Low-molecular-weight peptides detected include growth hormone-releasing peptides (GHRPs), ARA-290, TB-500, AOD-9604, CJC-1295, desmopressin, LH-releasing hormones, and synacthen. Intermediate-sized peptides include insulins, IGF-1 and analogs, mechano growth factor, growth hormone, hCG, and erythropoietin. Larger peptides like stamulumab can also be detected.
However, a significant gap remained between what was technically possible in research settings and what could be reliably implemented in routine daily testing of athlete samples.
Key Numbers
Blood, serum, and urine tested · Lower MW peptides: GHRPs, TB-500, AOD-9604, CJC-1295 · Mid MW: insulins, IGF-1, GH, EPO · Higher MW: stamulumab
How They Did This
This is an expert review published in Expert Review of Proteomics that surveys the analytical methods used by anti-doping laboratories to detect peptidic drugs. It covers chromatographic-mass spectrometric techniques, electrophoretic methods, immunological assays, and combined approaches, categorizing detectable peptides by molecular weight.
Why This Research Matters
Peptide doping represents one of the most challenging detection problems in sports drug testing. Unlike traditional small-molecule drugs, peptides are present at extremely low concentrations, are rapidly degraded in the body, and often closely resemble natural human proteins. This review catalogues the state of detection science as of 2014, revealing both the impressive range of peptides that anti-doping labs could identify and the practical limitations preventing comprehensive routine testing.
The Bigger Picture
This review captures a critical period in anti-doping science when peptide use among athletes was rapidly expanding while detection methods were still catching up. Many of the peptides mentioned — TB-500, CJC-1295, AOD-9604, GHRPs — remain popular in underground sports doping and grey-market peptide sales. Since 2014, WADA has expanded its prohibited list and detection methods have improved, but the fundamental challenge of detecting rapidly-degraded, low-concentration peptides in biological samples persists.
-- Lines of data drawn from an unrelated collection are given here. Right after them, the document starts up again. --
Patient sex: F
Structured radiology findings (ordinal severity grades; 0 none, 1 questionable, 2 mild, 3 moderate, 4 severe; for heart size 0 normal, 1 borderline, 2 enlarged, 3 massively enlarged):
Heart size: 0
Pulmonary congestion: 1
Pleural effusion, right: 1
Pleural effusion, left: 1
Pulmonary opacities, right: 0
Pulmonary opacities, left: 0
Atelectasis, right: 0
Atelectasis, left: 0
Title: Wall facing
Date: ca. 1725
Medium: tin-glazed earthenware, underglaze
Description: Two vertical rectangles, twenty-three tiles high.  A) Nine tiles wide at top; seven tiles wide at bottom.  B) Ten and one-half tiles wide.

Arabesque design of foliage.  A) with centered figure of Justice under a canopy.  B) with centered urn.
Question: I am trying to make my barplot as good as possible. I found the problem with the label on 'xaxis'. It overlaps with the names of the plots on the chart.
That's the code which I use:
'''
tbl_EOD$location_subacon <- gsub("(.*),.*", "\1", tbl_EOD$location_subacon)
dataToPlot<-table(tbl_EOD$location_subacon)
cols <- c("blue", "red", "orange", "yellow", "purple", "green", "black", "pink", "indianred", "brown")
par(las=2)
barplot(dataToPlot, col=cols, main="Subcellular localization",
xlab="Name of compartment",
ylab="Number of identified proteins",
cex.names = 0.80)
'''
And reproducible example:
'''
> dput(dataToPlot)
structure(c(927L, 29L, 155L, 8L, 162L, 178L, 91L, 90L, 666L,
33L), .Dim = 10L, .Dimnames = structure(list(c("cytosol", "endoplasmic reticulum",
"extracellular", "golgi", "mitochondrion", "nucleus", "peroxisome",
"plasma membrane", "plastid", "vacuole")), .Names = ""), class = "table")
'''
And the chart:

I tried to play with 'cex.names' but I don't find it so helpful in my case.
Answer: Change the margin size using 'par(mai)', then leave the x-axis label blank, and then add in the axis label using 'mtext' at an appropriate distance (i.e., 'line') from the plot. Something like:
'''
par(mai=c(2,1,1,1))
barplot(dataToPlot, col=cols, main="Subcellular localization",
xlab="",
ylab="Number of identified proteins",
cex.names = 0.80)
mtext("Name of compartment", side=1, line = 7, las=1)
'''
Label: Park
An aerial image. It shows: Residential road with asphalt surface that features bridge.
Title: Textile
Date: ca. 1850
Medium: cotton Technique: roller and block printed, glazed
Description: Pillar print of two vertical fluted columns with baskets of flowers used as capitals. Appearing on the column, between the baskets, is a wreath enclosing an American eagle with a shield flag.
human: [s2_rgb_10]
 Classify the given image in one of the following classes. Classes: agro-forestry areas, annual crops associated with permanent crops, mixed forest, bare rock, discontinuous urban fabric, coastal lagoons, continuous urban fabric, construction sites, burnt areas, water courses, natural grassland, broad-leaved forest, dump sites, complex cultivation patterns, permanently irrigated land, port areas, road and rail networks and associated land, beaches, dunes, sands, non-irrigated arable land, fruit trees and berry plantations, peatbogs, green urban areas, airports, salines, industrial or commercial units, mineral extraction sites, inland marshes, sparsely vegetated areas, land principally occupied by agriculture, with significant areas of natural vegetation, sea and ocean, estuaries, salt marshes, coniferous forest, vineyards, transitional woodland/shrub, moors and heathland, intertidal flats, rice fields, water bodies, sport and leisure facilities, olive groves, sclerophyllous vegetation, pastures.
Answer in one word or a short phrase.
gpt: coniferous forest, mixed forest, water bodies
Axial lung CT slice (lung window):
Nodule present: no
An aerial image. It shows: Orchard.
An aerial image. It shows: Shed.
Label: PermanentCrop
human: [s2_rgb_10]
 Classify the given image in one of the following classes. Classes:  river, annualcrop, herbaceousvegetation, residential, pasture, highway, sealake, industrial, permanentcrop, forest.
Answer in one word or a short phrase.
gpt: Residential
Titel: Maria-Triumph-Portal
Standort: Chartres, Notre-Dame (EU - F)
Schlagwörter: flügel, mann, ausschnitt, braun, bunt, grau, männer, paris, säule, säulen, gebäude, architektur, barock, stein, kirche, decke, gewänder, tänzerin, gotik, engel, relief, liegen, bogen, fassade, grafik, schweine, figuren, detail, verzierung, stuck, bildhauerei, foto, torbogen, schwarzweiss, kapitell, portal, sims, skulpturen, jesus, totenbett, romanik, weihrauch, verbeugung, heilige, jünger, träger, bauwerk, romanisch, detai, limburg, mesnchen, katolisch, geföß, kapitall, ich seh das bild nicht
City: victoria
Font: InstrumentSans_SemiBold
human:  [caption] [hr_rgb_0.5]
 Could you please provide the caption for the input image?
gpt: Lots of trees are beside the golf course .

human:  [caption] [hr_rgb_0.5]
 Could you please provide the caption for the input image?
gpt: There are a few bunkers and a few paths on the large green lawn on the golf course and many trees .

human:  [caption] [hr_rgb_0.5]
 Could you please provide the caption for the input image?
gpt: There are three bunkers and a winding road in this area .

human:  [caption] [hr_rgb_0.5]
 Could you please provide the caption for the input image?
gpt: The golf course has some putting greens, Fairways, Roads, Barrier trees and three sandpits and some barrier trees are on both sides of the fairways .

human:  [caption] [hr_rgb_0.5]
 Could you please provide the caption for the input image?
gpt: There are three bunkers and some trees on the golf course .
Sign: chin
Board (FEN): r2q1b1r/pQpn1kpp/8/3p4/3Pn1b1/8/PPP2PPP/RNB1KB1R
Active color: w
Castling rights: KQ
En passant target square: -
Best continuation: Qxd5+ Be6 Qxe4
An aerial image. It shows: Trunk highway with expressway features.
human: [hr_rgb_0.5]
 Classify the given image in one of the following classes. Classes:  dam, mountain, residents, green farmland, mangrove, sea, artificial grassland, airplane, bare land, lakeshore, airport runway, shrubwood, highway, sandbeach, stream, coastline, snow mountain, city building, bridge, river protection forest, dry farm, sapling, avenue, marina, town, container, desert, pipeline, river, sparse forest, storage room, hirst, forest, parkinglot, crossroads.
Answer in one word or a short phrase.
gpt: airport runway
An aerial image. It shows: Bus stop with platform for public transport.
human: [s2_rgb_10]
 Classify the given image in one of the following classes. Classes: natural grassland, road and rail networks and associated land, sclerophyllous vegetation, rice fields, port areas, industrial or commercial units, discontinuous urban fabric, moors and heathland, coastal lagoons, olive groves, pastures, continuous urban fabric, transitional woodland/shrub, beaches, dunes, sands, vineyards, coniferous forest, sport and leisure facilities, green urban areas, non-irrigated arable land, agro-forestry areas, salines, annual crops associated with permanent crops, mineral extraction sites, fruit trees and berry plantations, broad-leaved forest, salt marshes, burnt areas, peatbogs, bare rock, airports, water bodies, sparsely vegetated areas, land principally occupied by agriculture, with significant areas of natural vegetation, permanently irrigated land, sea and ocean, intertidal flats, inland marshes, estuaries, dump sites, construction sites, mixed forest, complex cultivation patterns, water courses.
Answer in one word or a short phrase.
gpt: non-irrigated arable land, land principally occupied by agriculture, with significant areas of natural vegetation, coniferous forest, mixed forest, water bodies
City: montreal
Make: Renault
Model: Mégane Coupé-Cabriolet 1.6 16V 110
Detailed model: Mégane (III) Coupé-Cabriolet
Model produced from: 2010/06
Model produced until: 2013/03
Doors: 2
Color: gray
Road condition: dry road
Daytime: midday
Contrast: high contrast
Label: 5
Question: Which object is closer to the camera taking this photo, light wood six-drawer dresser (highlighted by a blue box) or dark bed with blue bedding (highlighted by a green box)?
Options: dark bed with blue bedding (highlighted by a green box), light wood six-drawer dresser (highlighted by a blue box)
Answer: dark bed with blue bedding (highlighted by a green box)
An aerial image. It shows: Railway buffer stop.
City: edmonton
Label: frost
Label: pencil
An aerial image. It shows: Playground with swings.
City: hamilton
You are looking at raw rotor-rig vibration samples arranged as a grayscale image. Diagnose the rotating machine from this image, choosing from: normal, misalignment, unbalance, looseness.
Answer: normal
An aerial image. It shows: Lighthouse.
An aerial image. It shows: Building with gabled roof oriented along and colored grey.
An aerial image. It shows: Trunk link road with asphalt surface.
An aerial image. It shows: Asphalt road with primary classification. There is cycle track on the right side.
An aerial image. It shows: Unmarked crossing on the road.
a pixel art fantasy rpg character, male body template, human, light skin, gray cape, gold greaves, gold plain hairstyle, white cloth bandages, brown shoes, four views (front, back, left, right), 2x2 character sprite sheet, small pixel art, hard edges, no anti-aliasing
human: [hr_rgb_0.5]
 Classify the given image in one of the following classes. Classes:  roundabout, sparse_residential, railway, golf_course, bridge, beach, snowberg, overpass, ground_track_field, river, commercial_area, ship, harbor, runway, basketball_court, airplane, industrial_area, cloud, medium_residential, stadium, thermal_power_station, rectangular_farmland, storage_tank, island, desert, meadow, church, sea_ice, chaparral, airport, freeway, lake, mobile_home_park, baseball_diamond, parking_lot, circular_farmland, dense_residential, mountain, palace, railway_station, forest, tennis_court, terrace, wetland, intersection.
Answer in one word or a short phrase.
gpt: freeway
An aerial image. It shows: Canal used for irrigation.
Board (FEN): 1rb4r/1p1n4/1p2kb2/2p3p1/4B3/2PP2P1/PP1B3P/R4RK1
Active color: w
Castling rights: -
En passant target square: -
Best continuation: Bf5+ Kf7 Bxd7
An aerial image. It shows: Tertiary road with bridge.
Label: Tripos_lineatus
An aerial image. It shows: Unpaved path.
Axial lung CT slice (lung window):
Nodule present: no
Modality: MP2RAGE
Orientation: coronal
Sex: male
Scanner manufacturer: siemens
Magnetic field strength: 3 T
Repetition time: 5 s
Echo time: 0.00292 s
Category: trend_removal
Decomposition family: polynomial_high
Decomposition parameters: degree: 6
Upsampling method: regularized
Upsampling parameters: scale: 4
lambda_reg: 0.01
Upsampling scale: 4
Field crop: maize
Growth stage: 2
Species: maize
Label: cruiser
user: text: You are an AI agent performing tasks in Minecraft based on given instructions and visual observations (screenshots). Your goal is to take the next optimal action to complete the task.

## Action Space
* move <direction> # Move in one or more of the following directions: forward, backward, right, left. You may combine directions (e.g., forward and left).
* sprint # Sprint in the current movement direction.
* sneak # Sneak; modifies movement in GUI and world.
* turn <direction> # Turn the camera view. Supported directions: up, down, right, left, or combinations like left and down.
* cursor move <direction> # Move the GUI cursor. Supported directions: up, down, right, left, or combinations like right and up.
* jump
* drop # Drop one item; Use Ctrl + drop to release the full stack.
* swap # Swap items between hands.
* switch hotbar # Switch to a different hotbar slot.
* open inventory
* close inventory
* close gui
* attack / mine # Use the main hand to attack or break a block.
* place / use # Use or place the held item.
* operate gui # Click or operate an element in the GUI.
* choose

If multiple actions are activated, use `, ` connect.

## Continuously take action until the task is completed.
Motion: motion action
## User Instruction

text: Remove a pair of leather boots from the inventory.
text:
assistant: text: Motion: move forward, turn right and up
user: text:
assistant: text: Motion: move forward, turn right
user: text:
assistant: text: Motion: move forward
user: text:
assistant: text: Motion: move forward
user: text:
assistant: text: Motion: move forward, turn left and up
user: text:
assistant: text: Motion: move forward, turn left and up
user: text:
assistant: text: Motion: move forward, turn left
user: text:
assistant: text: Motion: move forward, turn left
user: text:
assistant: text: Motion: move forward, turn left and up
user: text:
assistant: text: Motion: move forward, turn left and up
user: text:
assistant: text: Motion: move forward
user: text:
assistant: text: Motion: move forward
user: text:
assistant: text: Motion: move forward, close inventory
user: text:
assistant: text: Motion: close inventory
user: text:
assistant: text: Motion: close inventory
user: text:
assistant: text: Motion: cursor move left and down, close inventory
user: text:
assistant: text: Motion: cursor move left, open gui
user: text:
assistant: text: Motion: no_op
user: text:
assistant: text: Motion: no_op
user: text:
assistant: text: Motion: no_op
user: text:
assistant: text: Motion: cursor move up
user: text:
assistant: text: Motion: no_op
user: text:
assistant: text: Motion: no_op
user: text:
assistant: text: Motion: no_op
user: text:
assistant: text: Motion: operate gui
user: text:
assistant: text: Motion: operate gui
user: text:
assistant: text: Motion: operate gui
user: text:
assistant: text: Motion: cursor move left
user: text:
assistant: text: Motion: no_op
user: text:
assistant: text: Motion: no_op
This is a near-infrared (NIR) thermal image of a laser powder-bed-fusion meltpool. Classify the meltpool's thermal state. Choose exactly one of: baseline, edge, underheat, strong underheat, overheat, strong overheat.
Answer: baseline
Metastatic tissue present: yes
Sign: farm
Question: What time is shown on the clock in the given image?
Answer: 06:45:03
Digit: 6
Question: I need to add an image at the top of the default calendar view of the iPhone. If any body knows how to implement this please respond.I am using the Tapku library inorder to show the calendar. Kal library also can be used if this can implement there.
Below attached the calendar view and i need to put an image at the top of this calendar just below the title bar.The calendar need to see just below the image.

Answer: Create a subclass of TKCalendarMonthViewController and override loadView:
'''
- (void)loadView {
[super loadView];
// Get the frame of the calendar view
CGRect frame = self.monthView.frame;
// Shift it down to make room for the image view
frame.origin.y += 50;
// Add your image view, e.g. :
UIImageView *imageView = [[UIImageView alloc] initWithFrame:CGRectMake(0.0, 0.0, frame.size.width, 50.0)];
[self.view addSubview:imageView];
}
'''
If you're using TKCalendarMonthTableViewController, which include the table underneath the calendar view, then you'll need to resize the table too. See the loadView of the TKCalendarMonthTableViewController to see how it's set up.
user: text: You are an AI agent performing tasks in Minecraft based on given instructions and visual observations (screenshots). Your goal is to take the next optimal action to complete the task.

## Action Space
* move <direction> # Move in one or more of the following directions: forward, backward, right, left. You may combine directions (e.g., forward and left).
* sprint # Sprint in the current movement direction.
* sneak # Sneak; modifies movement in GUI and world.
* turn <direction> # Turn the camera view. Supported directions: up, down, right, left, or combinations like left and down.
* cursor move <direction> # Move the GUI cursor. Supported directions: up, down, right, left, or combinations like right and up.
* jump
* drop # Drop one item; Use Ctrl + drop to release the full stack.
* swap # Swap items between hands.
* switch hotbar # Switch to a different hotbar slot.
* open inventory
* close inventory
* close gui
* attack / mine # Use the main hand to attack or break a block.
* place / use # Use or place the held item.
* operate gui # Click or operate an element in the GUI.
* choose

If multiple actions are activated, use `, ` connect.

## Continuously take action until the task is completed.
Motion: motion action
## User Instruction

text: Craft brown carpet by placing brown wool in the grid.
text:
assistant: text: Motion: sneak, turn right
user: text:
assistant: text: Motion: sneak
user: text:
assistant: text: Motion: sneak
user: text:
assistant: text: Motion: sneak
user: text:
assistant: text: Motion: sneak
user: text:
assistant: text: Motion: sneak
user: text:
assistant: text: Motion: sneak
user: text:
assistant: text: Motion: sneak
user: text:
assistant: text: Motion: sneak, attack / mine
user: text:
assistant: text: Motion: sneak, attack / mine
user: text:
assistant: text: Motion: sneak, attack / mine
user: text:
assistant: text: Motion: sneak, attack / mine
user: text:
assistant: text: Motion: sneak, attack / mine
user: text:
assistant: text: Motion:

What This Study Doesn't Tell Us
As a 2014 review, the detection landscape has evolved significantly with newer mass spectrometry techniques and expanded WADA prohibited lists. The review acknowledges a gap between research-grade detection capability and routine laboratory practice. It does not quantify false positive/negative rates for specific assays.
Questions This Raises
- ?Has the gap between research-grade and routine anti-doping peptide detection been closed since 2014?
- ?How do athletes evade detection given the known capabilities of anti-doping labs?
- ?Are newer peptide drugs being developed faster than detection methods can keep up?
Trust & Context
- Key Stat:
- 15+ peptide classes detectable Anti-doping labs can identify peptides ranging from small GHRPs to large proteins like EPO, though routine testing capabilities lag behind research methods
- Evidence Grade:
- This is a moderate-grade expert review that comprehensively surveys detection methods without conducting new experimental work. It reflects the expert consensus of leading anti-doping analytical chemists.
- Study Age:
- Published in 2014, detection technology and WADA's prohibited list have both expanded significantly since this review. However, the fundamental analytical challenges and many of the peptides discussed remain relevant.
- Original Title:
- Detecting peptidic drugs, drug candidates and analogs in sports doping: current status and future directions.
- Published In:
- Expert review of proteomics, 11(6), 663-73 (2014)
- Authors:
- Thevis, Mario(8), Thomas, Andreas(7), Schänzer, Wilhelm
- Database ID:
- RPEP-02520
Evidence Hierarchy
Summarizes existing research on a topic.
What do these levels mean? →Frequently Asked Questions
Which peptide drugs can anti-doping labs actually detect?
Labs can detect a wide range including growth hormone-releasing peptides (GHRPs), TB-500, AOD-9604, CJC-1295, various insulins, IGF-1, growth hormone, erythropoietin (EPO), and hCG, among others. Detection uses mass spectrometry, immunological assays, and electrophoretic methods applied to blood, serum, and urine samples.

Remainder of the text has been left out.